__What the exercise asks__:
Restate the entries below in full, exactly as they read, but without pictures.

=== Begin Enclosure ===

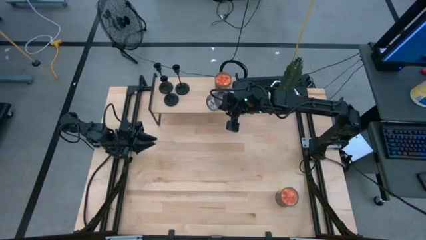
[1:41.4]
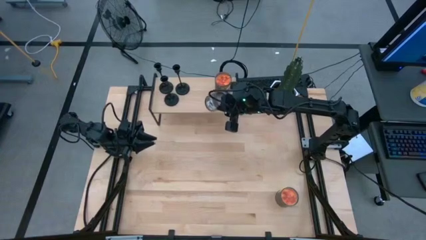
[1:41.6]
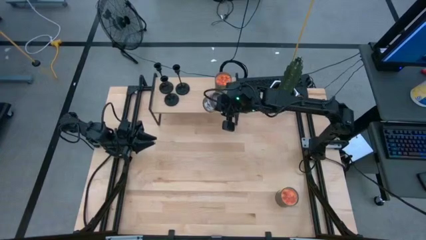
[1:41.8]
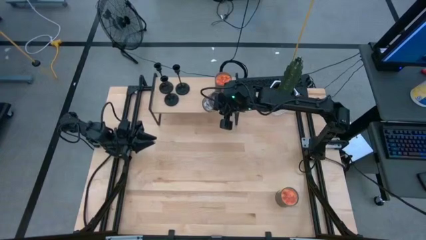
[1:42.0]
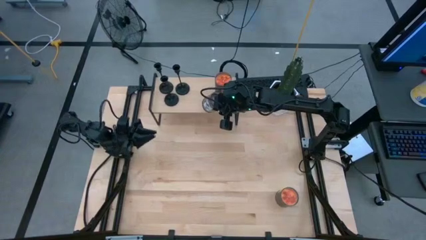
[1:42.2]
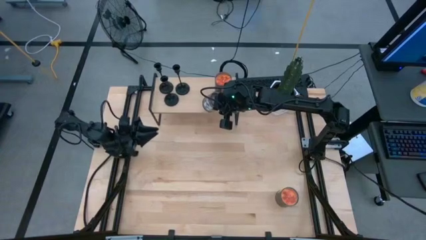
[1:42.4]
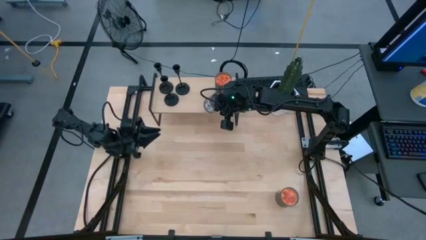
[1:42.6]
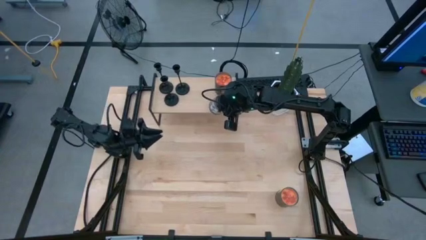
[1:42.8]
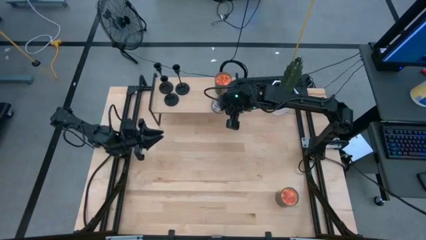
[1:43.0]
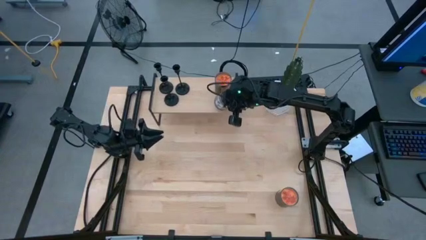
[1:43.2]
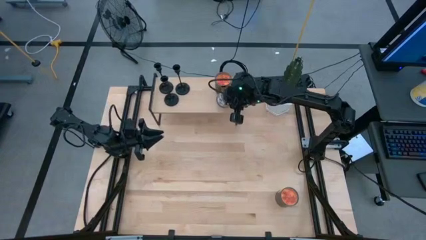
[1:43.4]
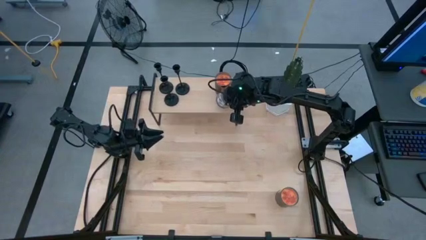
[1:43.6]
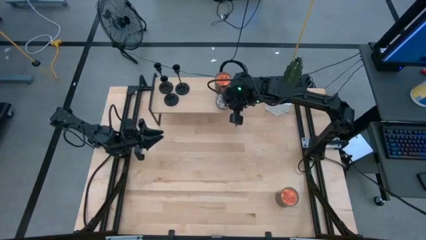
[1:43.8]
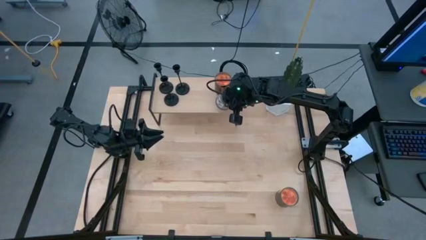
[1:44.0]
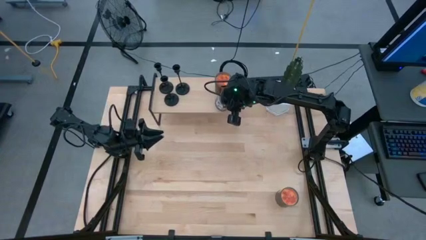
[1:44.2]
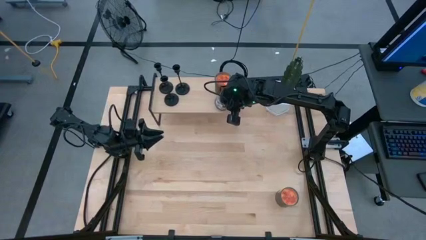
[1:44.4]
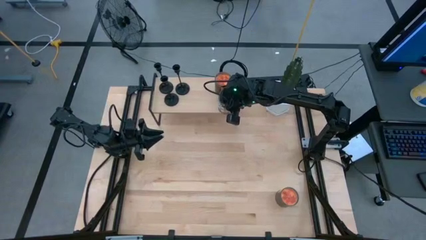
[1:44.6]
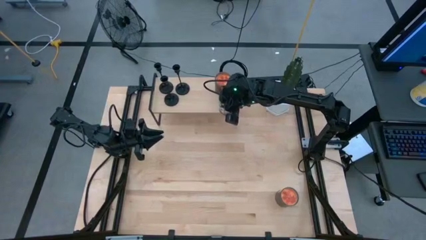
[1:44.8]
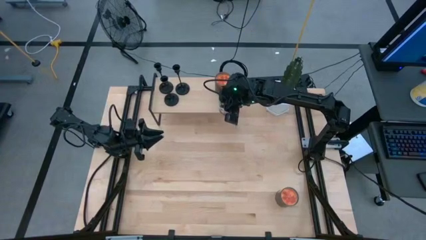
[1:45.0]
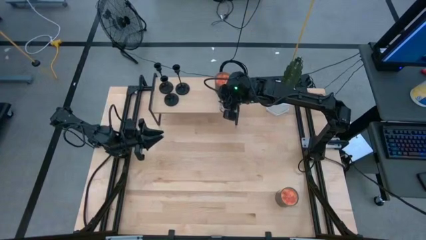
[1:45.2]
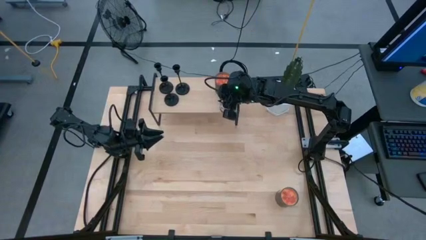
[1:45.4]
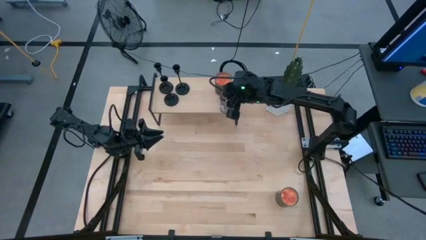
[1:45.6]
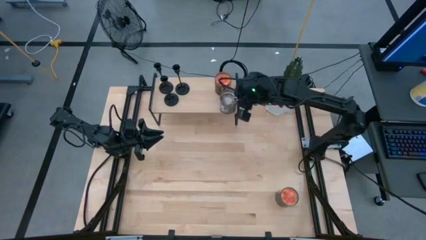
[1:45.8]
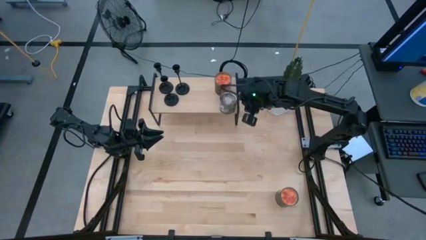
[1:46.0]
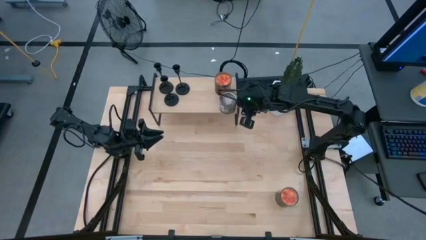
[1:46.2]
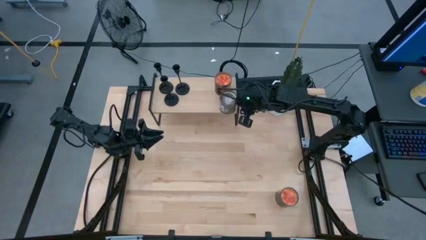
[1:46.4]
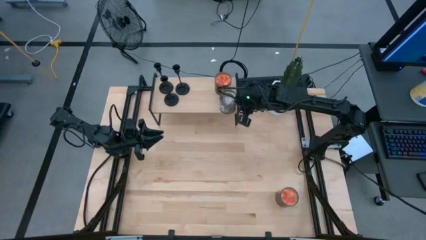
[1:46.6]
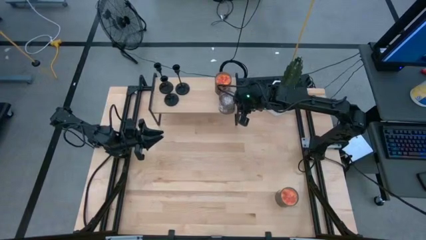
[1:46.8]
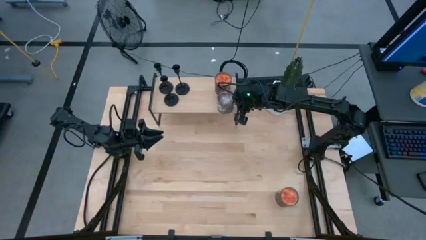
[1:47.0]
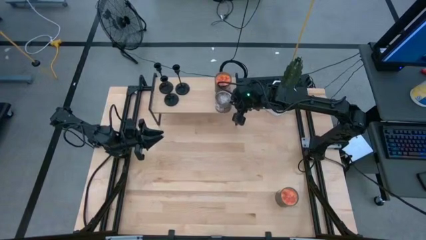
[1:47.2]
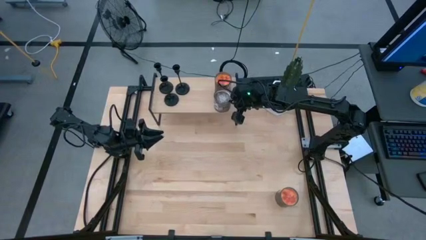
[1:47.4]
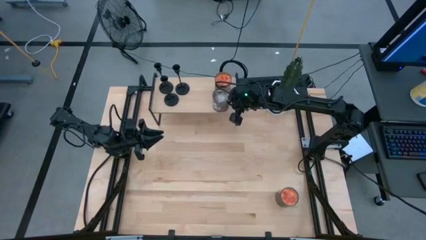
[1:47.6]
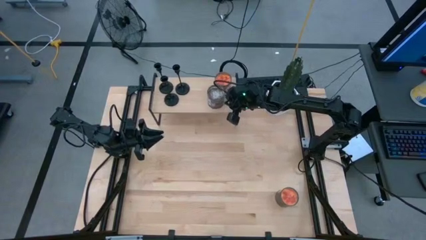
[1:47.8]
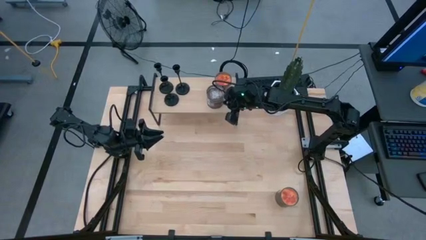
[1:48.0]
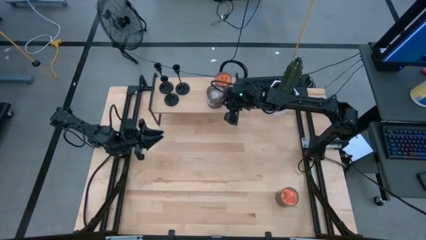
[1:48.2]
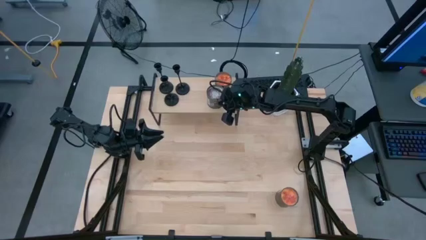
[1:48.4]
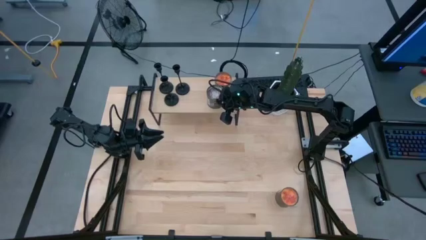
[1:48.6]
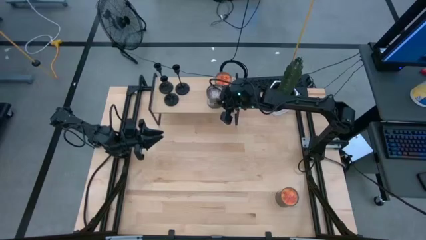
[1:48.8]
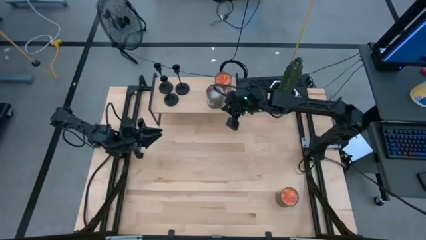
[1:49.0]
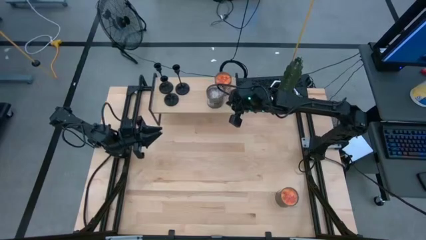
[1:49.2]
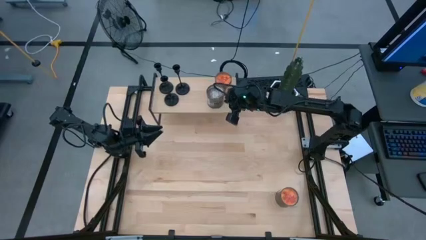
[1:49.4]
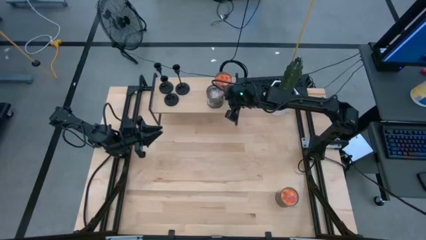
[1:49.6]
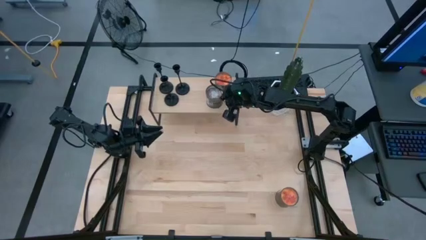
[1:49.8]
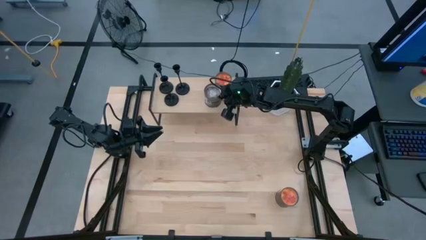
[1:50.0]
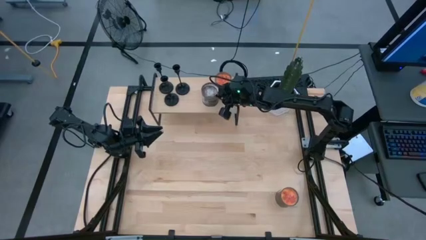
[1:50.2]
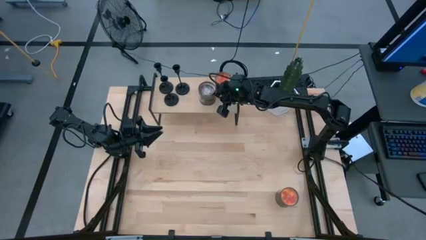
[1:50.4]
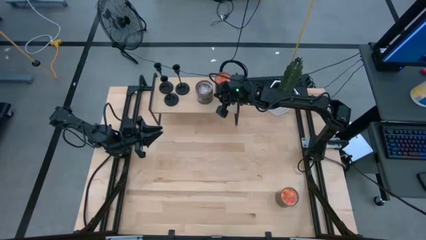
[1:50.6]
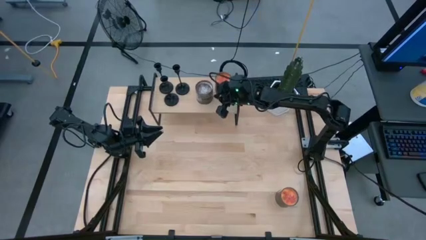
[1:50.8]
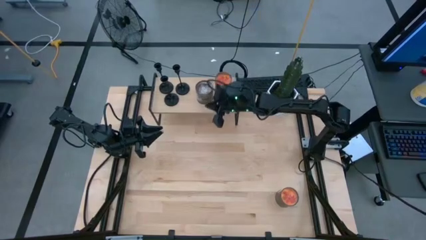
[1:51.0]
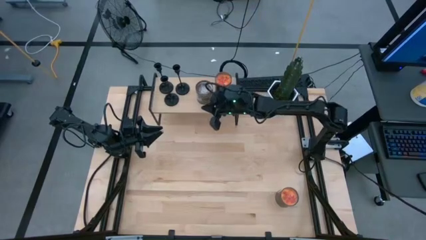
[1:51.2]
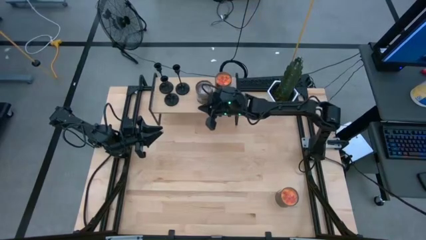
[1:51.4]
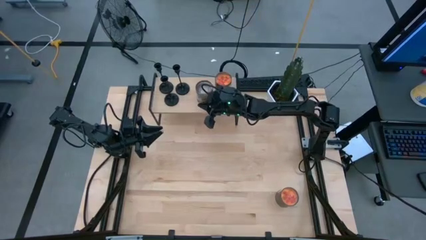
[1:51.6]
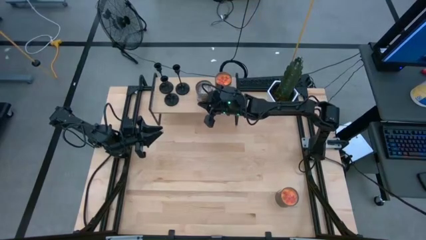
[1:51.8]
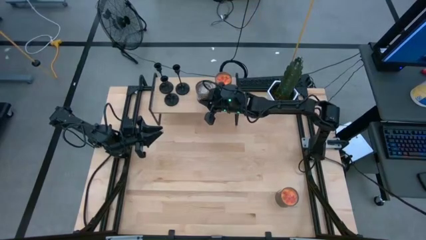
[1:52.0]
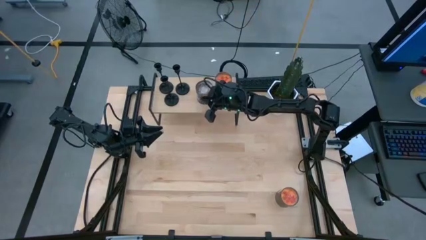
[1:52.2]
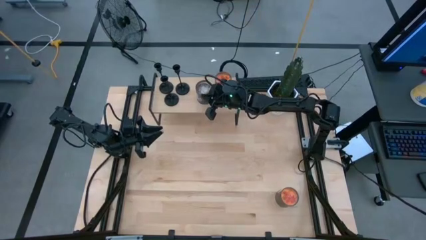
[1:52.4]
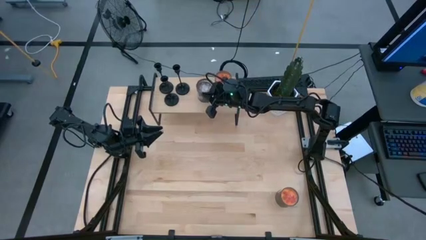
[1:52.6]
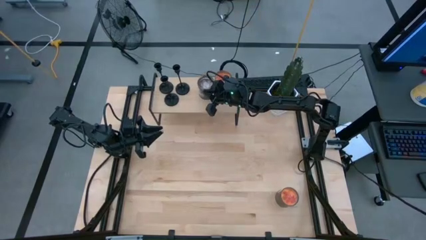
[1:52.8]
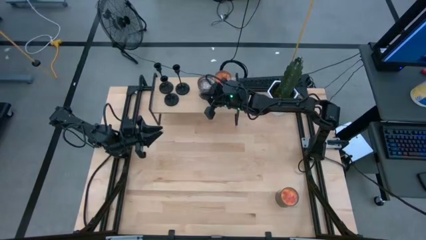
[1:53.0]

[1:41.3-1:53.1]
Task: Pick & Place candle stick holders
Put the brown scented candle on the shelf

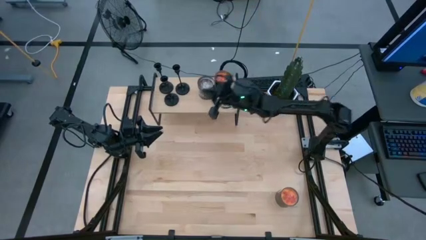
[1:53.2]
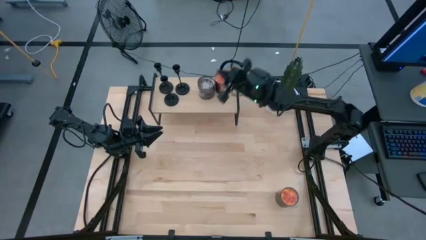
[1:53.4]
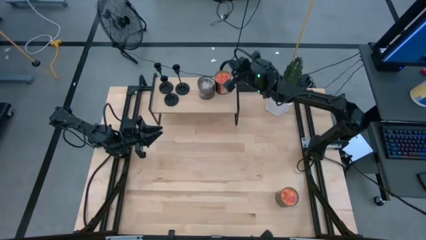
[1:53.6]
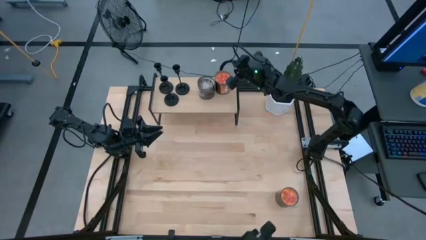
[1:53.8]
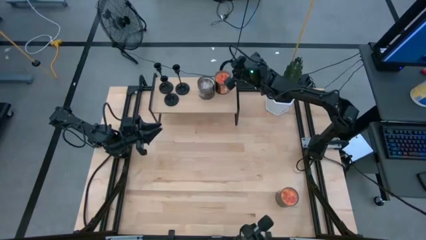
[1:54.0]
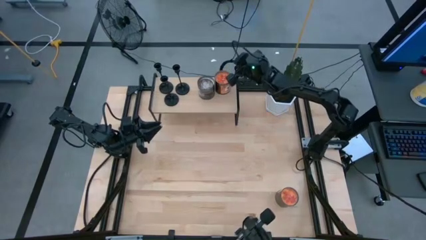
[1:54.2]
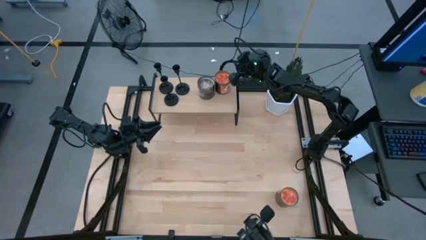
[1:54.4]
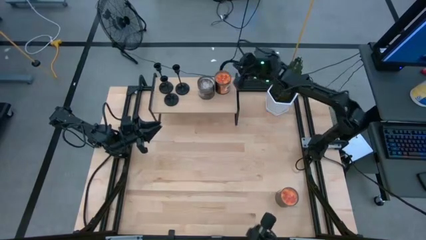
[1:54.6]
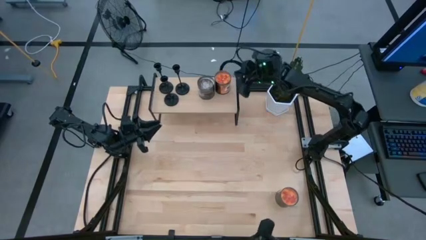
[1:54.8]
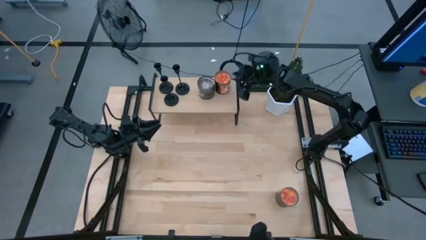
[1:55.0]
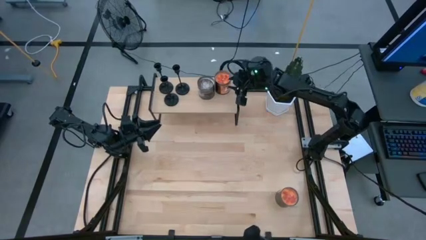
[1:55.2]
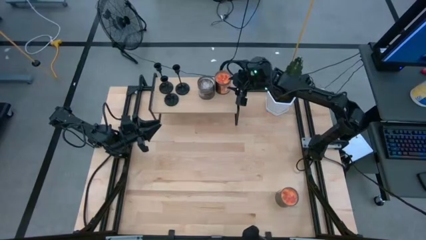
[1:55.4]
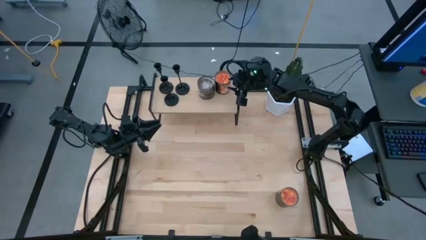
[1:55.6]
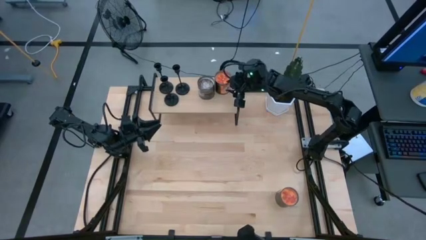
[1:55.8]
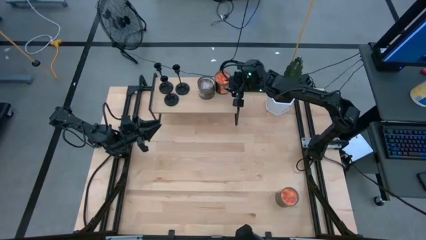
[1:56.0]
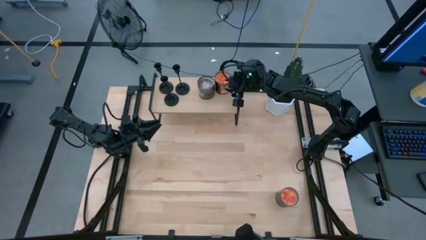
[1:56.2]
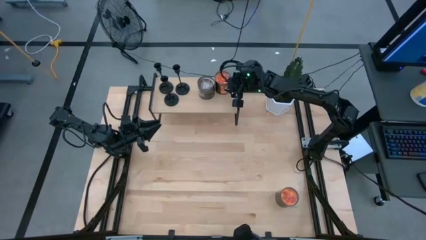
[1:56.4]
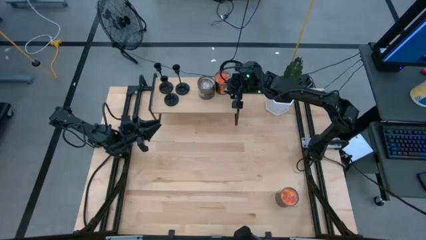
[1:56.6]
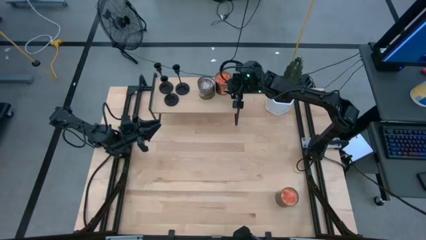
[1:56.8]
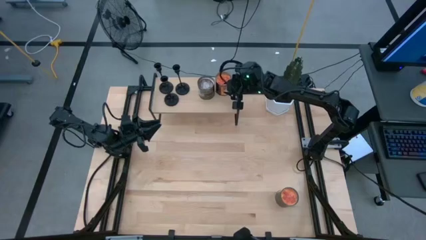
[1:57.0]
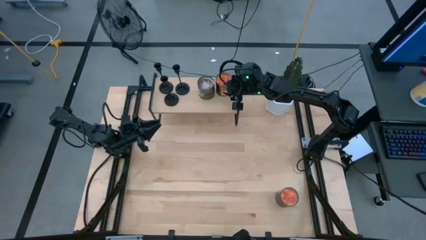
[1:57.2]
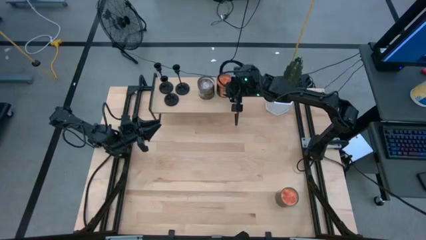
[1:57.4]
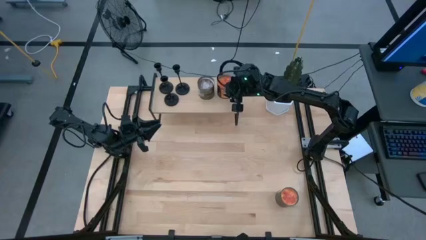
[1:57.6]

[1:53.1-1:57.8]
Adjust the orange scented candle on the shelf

=== End Enclosure ===

__Response below__:
[1:41.4]
[1:41.6]
[1:41.8]
[1:42.0]
[1:42.2]
[1:42.4]
[1:42.6]
[1:42.8]
[1:43.0]
[1:43.2]
[1:43.4]
[1:43.6]
[1:43.8]
[1:44.0]
[1:44.2]
[1:44.4]
[1:44.6]
[1:44.8]
[1:45.0]
[1:45.2]
[1:45.4]
[1:45.6]
[1:45.8]
[1:46.0]
[1:46.2]
[1:46.4]
[1:46.6]
[1:46.8]
[1:47.0]
[1:47.2]
[1:47.4]
[1:47.6]
[1:47.8]
[1:48.0]
[1:48.2]
[1:48.4]
[1:48.6]
[1:48.8]
[1:49.0]
[1:49.2]
[1:49.4]
[1:49.6]
[1:49.8]
[1:50.0]
[1:50.2]
[1:50.4]
[1:50.6]
[1:50.8]
[1:51.0]
[1:51.2]
[1:51.4]
[1:51.6]
[1:51.8]
[1:52.0]
[1:52.2]
[1:52.4]
[1:52.6]
[1:52.8]
[1:53.0]

[1:41.3-1:53.1]
Task: Pick & Place candle stick holders
Put the brown scented candle on the shelf

[1:53.2]
[1:53.4]
[1:53.6]
[1:53.8]
[1:54.0]
[1:54.2]
[1:54.4]
[1:54.6]
[1:54.8]
[1:55.0]
[1:55.2]
[1:55.4]
[1:55.6]
[1:55.8]
[1:56.0]
[1:56.2]
[1:56.4]
[1:56.6]
[1:56.8]
[1:57.0]
[1:57.2]
[1:57.4]
[1:57.6]

[1:53.1-1:57.8]
Adjust the orange scented candle on the shelf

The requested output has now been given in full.